== Segment start ==

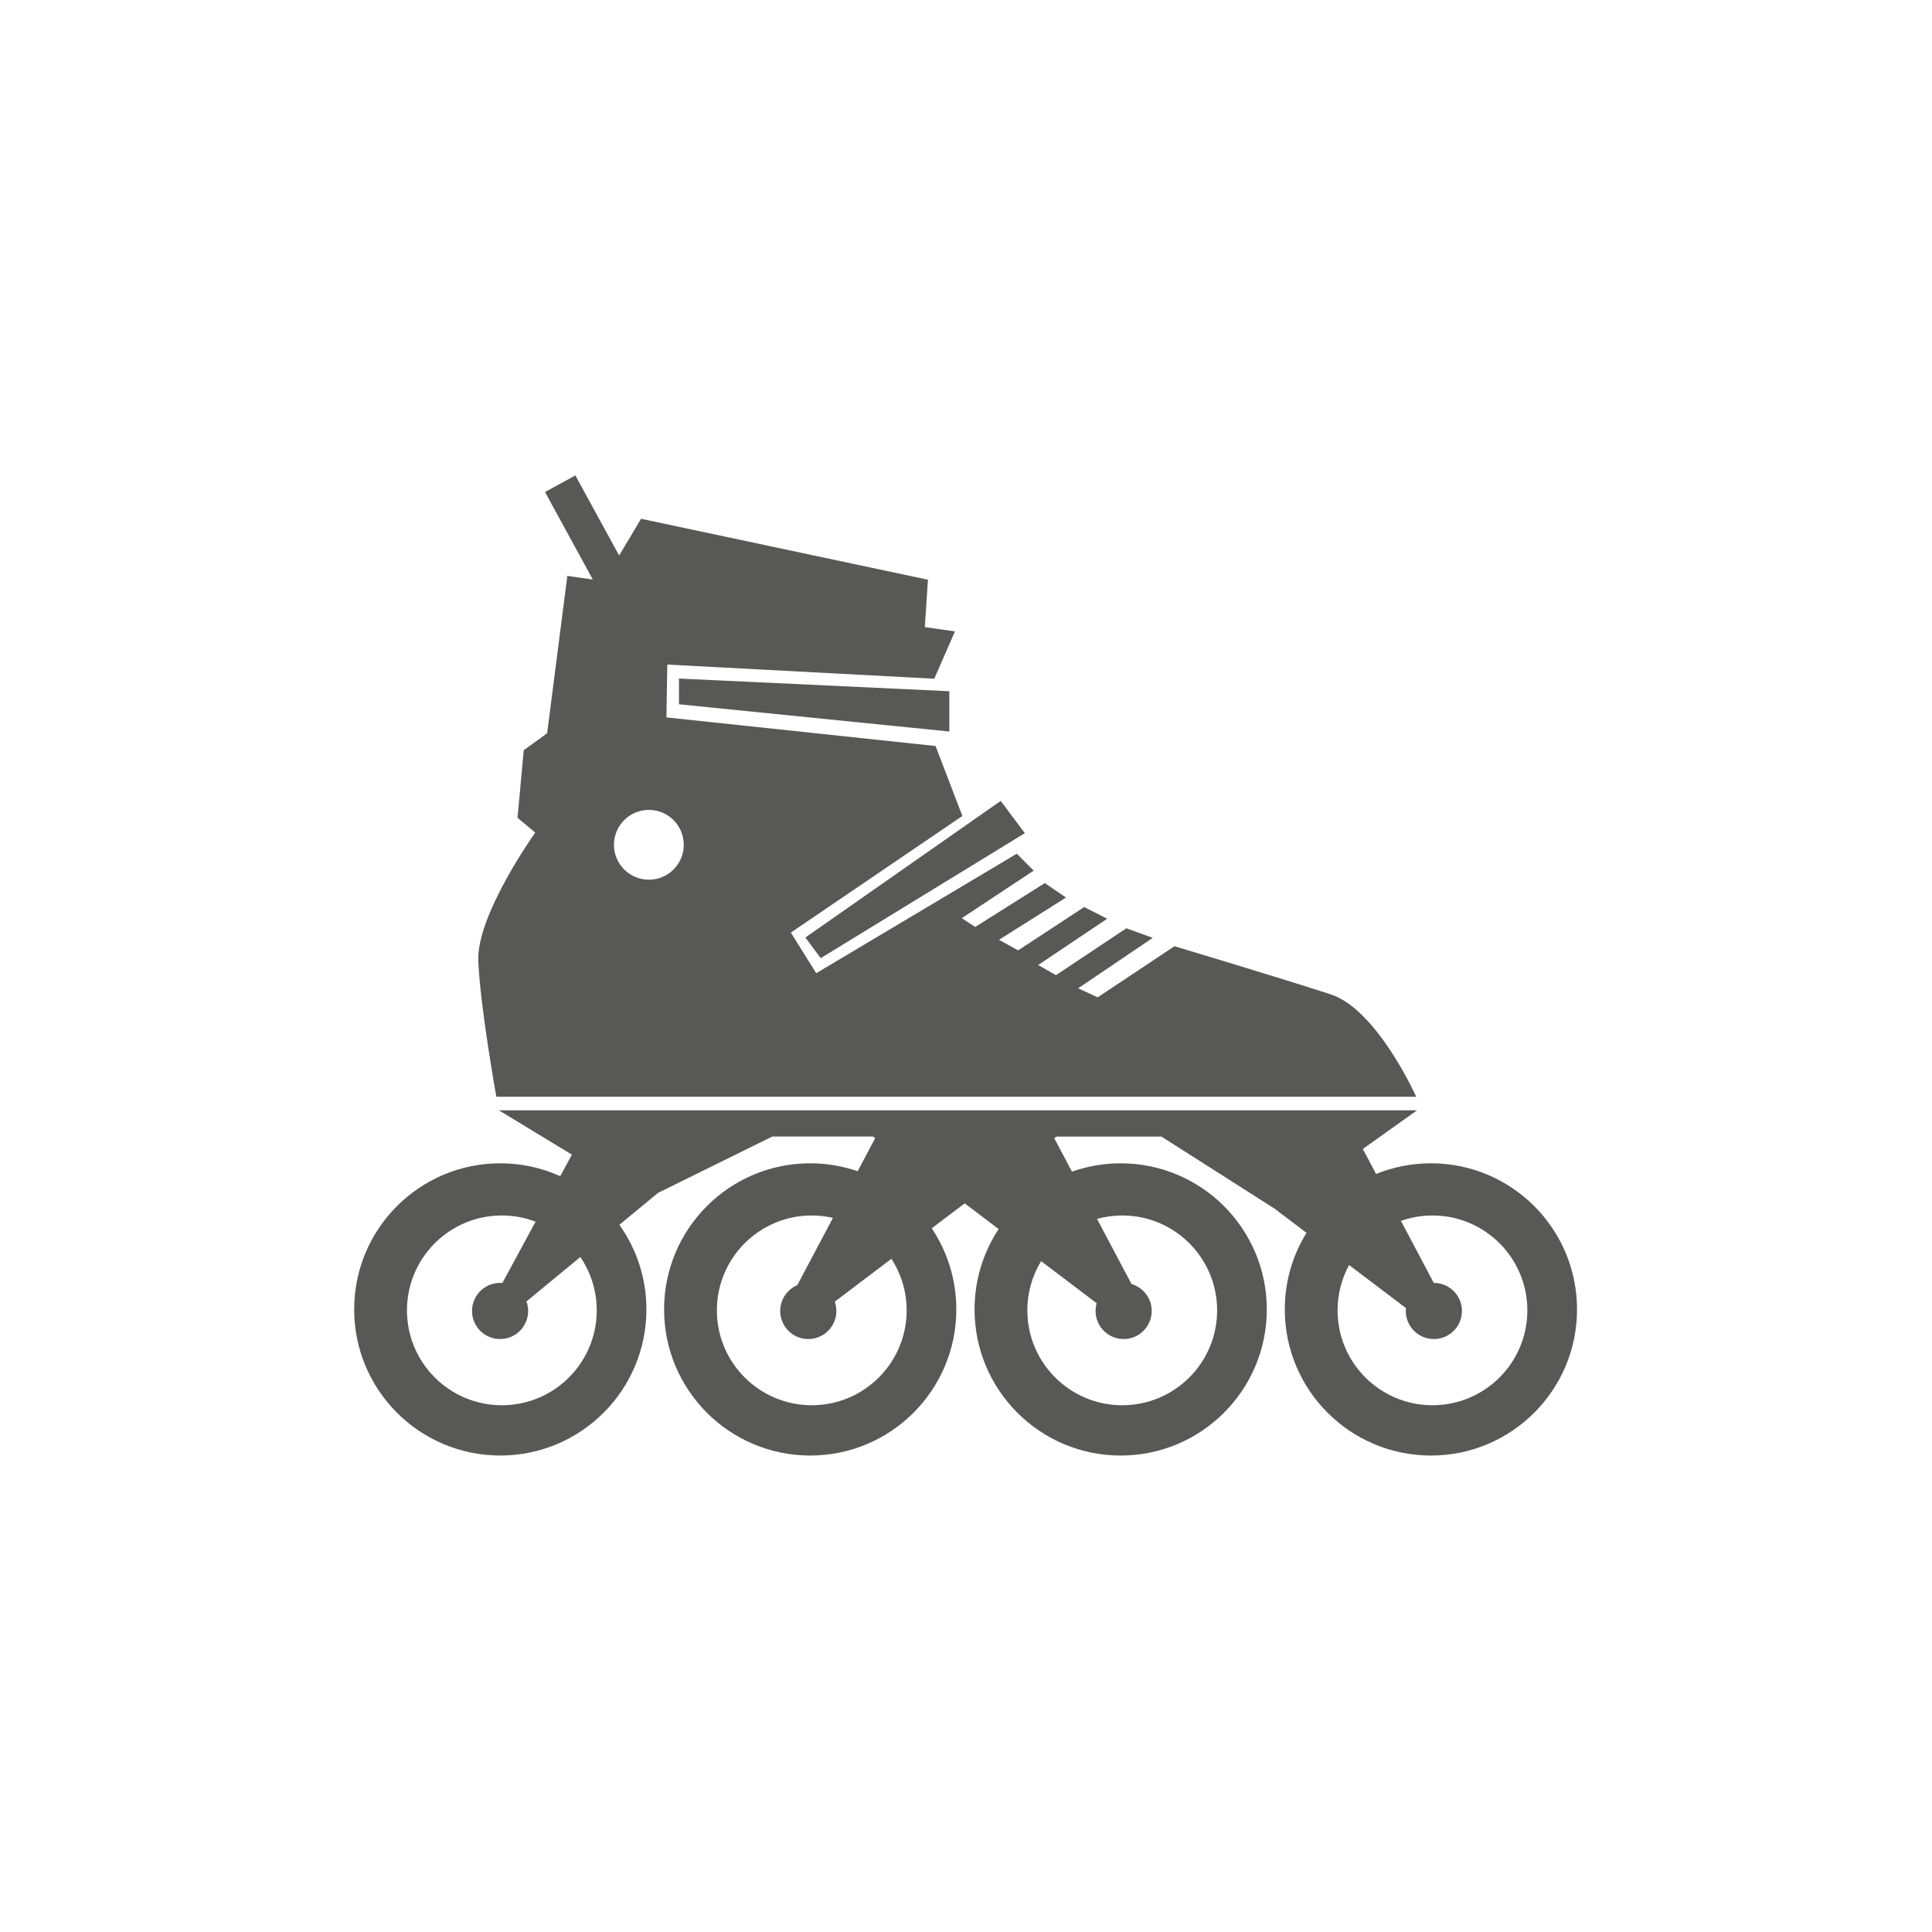 <?xml version="1.0" encoding="utf-8"?>
<!-- Generator: Adobe Illustrator 16.0.0, SVG Export Plug-In . SVG Version: 6.00 Build 0)  -->
<!DOCTYPE svg PUBLIC "-//W3C//DTD SVG 1.1//EN" "http://www.w3.org/Graphics/SVG/1.1/DTD/svg11.dtd">
<svg version="1.1" id="Vrstva_1" xmlns="http://www.w3.org/2000/svg" xmlns:xlink="http://www.w3.org/1999/xlink" x="0px" y="0px"
	 width="620px" height="620px" viewBox="0 0 620 620" enable-background="new 0 0 620 620" xml:space="preserve">
<g>
	<polygon fill="#585857" points="217.884,217.753 304.651,221.827 304.651,234.752 217.884,226.01 	"/>
	<polygon fill="#585857" points="258.442,300.865 321.139,257.018 328.875,267.373 263.384,307.48 	"/>
	<path fill="#585857" d="M427.048,319.104c-14.938-4.889-50.134-15.454-50.134-15.454l-24.657,16.404l-6.27-2.896l23.947-16.195
		l-8.472-3.066l-22.596,15.044l-5.703-3.259l22.136-14.844l-7.361-3.761l-21.209,13.904l-6.138-3.391l21.509-13.566l-6.814-4.625
		l-22.324,14.059l-4.319-2.806l23.083-15.26l-5.431-5.425l-64.363,38.348l-8.147-13.036l55.047-37.422l-8.608-22.459l-86.357-9.175
		l0.271-16.955l85.68,4.54l6.632-15.182l-9.666-1.384l0.997-15.207l-92.062-19.553l-7.037,11.792l-14.039-25.705l-9.743,5.321
		l15.343,28.094l-8.179-1.171l-6.489,50.512l-7.496,5.412l-2.008,21.703l5.702,4.747c0,0-18.9,26.402-18.288,41.194
		c0.613,14.792,5.797,43.583,5.797,43.583h295.194C454.476,351.963,441.985,323.992,427.048,319.104z M208.229,282.306
		c-6.187,0-11.202-5.016-11.202-11.202c0-6.187,5.016-11.202,11.202-11.202s11.202,5.015,11.202,11.202
		S214.416,282.306,208.229,282.306z"/>
	<path fill="#585857" d="M459.193,373.313c-6.226,0-12.161,1.225-17.597,3.426l-4.25-8.022l17.401-12.407H160.096l23.435,14.225
		l-3.743,6.91c-5.871-2.646-12.378-4.129-19.236-4.129c-25.897,0-46.891,20.992-46.891,46.889c0,25.895,20.993,46.888,46.891,46.888
		c25.896,0,46.889-20.993,46.889-46.888c0-10.125-3.22-19.491-8.675-27.155l12.423-10.251l36.642-18.068h32.313l0.712,0.513
		l-5.624,10.616c-4.775-1.641-9.895-2.543-15.227-2.543c-25.896,0-46.891,20.994-46.891,46.89c0,25.895,20.995,46.888,46.891,46.888
		s46.889-20.993,46.889-46.888c0-9.634-2.908-18.584-7.89-26.032l10.578-8.005l10.898,8.248c-4.885,7.399-7.734,16.26-7.734,25.79
		c0,25.895,20.993,46.888,46.889,46.888c25.897,0,46.892-20.993,46.892-46.888c0-25.896-20.993-46.889-46.892-46.889
		c-5.48,0-10.739,0.949-15.629,2.679l-5.695-10.75l0.73-0.513h33.666l36.266,23.098l10.295,7.791
		c-4.411,7.148-6.963,15.568-6.963,24.586c0,25.895,20.993,46.888,46.89,46.888c25.896,0,46.89-20.993,46.89-46.888
		C506.083,394.305,485.089,373.313,459.193,373.313z M161.05,450.958c-16.819,0-30.449-13.634-30.449-30.45
		c0-16.818,13.63-30.449,30.449-30.449c3.814,0,7.462,0.707,10.827,1.987l-10.664,19.687c-0.242-0.019-0.483-0.037-0.73-0.037
		c-4.975,0-9.007,4.033-9.007,9.008c0,4.974,4.032,9.007,9.007,9.007c4.973,0,9.006-4.033,9.006-9.007
		c0-1.074-0.197-2.1-0.542-3.053l17.285-14.264c3.323,4.879,5.269,10.772,5.269,17.121
		C191.5,437.324,177.867,450.958,161.05,450.958z M290.956,420.508c0,16.816-13.636,30.45-30.451,30.45
		c-16.818,0-30.45-13.634-30.45-30.45c0-16.818,13.632-30.449,30.45-30.449c2.337,0,4.608,0.271,6.795,0.771l-11.434,21.583
		c-3.226,1.371-5.486,4.566-5.486,8.292c0,4.974,4.031,9.007,9.008,9.007c4.973,0,9.006-4.033,9.006-9.007
		c0-1.046-0.188-2.045-0.515-2.979l18.184-13.762C289.154,408.729,290.956,414.406,290.956,420.508z M351.935,418.217
		c-0.227,0.791-0.354,1.624-0.354,2.487c0,4.974,4.032,9.007,9.006,9.007c4.975,0,9.008-4.033,9.008-9.007
		c0-4.097-2.735-7.547-6.479-8.642l-11.076-20.907c2.58-0.71,5.293-1.097,8.098-1.097c16.816,0,30.45,13.631,30.45,30.449
		c0,16.816-13.634,30.45-30.45,30.45c-16.818,0-30.451-13.634-30.451-30.45c0-5.783,1.611-11.189,4.41-15.793L351.935,418.217z
		 M459.694,450.958c-16.819,0-30.451-13.634-30.451-30.45c0-5.27,1.339-10.225,3.693-14.547l18.249,13.811
		c-0.03,0.308-0.048,0.619-0.048,0.934c0,4.975,4.032,9.007,9.006,9.007c4.976,0,9.009-4.032,9.009-9.007s-4.033-9.007-9.009-9.007
		c-0.01,0-0.019,0.001-0.027,0.001L449.57,391.79c3.168-1.117,6.572-1.729,10.124-1.729c16.815,0,30.449,13.631,30.449,30.449
		C490.144,437.324,476.51,450.958,459.694,450.958z"/>
</g>
</svg>

== Segment end ==

Your task
Go through the material above and repeat it exactly. Omit the pictures.

Answer area
 <?xml version="1.0" encoding="utf-8"?>
<!-- Generator: Adobe Illustrator 16.0.0, SVG Export Plug-In . SVG Version: 6.00 Build 0)  -->
<!DOCTYPE svg PUBLIC "-//W3C//DTD SVG 1.1//EN" "http://www.w3.org/Graphics/SVG/1.1/DTD/svg11.dtd">
<svg version="1.1" id="Vrstva_1" xmlns="http://www.w3.org/2000/svg" xmlns:xlink="http://www.w3.org/1999/xlink" x="0px" y="0px"
	 width="620px" height="620px" viewBox="0 0 620 620" enable-background="new 0 0 620 620" xml:space="preserve">
<g>
	<polygon fill="#585857" points="217.884,217.753 304.651,221.827 304.651,234.752 217.884,226.01 	"/>
	<polygon fill="#585857" points="258.442,300.865 321.139,257.018 328.875,267.373 263.384,307.48 	"/>
	<path fill="#585857" d="M427.048,319.104c-14.938-4.889-50.134-15.454-50.134-15.454l-24.657,16.404l-6.27-2.896l23.947-16.195
		l-8.472-3.066l-22.596,15.044l-5.703-3.259l22.136-14.844l-7.361-3.761l-21.209,13.904l-6.138-3.391l21.509-13.566l-6.814-4.625
		l-22.324,14.059l-4.319-2.806l23.083-15.26l-5.431-5.425l-64.363,38.348l-8.147-13.036l55.047-37.422l-8.608-22.459l-86.357-9.175
		l0.271-16.955l85.68,4.54l6.632-15.182l-9.666-1.384l0.997-15.207l-92.062-19.553l-7.037,11.792l-14.039-25.705l-9.743,5.321
		l15.343,28.094l-8.179-1.171l-6.489,50.512l-7.496,5.412l-2.008,21.703l5.702,4.747c0,0-18.9,26.402-18.288,41.194
		c0.613,14.792,5.797,43.583,5.797,43.583h295.194C454.476,351.963,441.985,323.992,427.048,319.104z M208.229,282.306
		c-6.187,0-11.202-5.016-11.202-11.202c0-6.187,5.016-11.202,11.202-11.202s11.202,5.015,11.202,11.202
		S214.416,282.306,208.229,282.306z"/>
	<path fill="#585857" d="M459.193,373.313c-6.226,0-12.161,1.225-17.597,3.426l-4.25-8.022l17.401-12.407H160.096l23.435,14.225
		l-3.743,6.91c-5.871-2.646-12.378-4.129-19.236-4.129c-25.897,0-46.891,20.992-46.891,46.889c0,25.895,20.993,46.888,46.891,46.888
		c25.896,0,46.889-20.993,46.889-46.888c0-10.125-3.22-19.491-8.675-27.155l12.423-10.251l36.642-18.068h32.313l0.712,0.513
		l-5.624,10.616c-4.775-1.641-9.895-2.543-15.227-2.543c-25.896,0-46.891,20.994-46.891,46.89c0,25.895,20.995,46.888,46.891,46.888
		s46.889-20.993,46.889-46.888c0-9.634-2.908-18.584-7.89-26.032l10.578-8.005l10.898,8.248c-4.885,7.399-7.734,16.26-7.734,25.79
		c0,25.895,20.993,46.888,46.889,46.888c25.897,0,46.892-20.993,46.892-46.888c0-25.896-20.993-46.889-46.892-46.889
		c-5.48,0-10.739,0.949-15.629,2.679l-5.695-10.75l0.73-0.513h33.666l36.266,23.098l10.295,7.791
		c-4.411,7.148-6.963,15.568-6.963,24.586c0,25.895,20.993,46.888,46.89,46.888c25.896,0,46.89-20.993,46.89-46.888
		C506.083,394.305,485.089,373.313,459.193,373.313z M161.05,450.958c-16.819,0-30.449-13.634-30.449-30.45
		c0-16.818,13.63-30.449,30.449-30.449c3.814,0,7.462,0.707,10.827,1.987l-10.664,19.687c-0.242-0.019-0.483-0.037-0.73-0.037
		c-4.975,0-9.007,4.033-9.007,9.008c0,4.974,4.032,9.007,9.007,9.007c4.973,0,9.006-4.033,9.006-9.007
		c0-1.074-0.197-2.1-0.542-3.053l17.285-14.264c3.323,4.879,5.269,10.772,5.269,17.121
		C191.5,437.324,177.867,450.958,161.05,450.958z M290.956,420.508c0,16.816-13.636,30.45-30.451,30.45
		c-16.818,0-30.45-13.634-30.45-30.45c0-16.818,13.632-30.449,30.45-30.449c2.337,0,4.608,0.271,6.795,0.771l-11.434,21.583
		c-3.226,1.371-5.486,4.566-5.486,8.292c0,4.974,4.031,9.007,9.008,9.007c4.973,0,9.006-4.033,9.006-9.007
		c0-1.046-0.188-2.045-0.515-2.979l18.184-13.762C289.154,408.729,290.956,414.406,290.956,420.508z M351.935,418.217
		c-0.227,0.791-0.354,1.624-0.354,2.487c0,4.974,4.032,9.007,9.006,9.007c4.975,0,9.008-4.033,9.008-9.007
		c0-4.097-2.735-7.547-6.479-8.642l-11.076-20.907c2.58-0.71,5.293-1.097,8.098-1.097c16.816,0,30.45,13.631,30.45,30.449
		c0,16.816-13.634,30.45-30.45,30.45c-16.818,0-30.451-13.634-30.451-30.45c0-5.783,1.611-11.189,4.41-15.793L351.935,418.217z
		 M459.694,450.958c-16.819,0-30.451-13.634-30.451-30.45c0-5.27,1.339-10.225,3.693-14.547l18.249,13.811
		c-0.03,0.308-0.048,0.619-0.048,0.934c0,4.975,4.032,9.007,9.006,9.007c4.976,0,9.009-4.032,9.009-9.007s-4.033-9.007-9.009-9.007
		c-0.01,0-0.019,0.001-0.027,0.001L449.57,391.79c3.168-1.117,6.572-1.729,10.124-1.729c16.815,0,30.449,13.631,30.449,30.449
		C490.144,437.324,476.51,450.958,459.694,450.958z"/>
</g>
</svg>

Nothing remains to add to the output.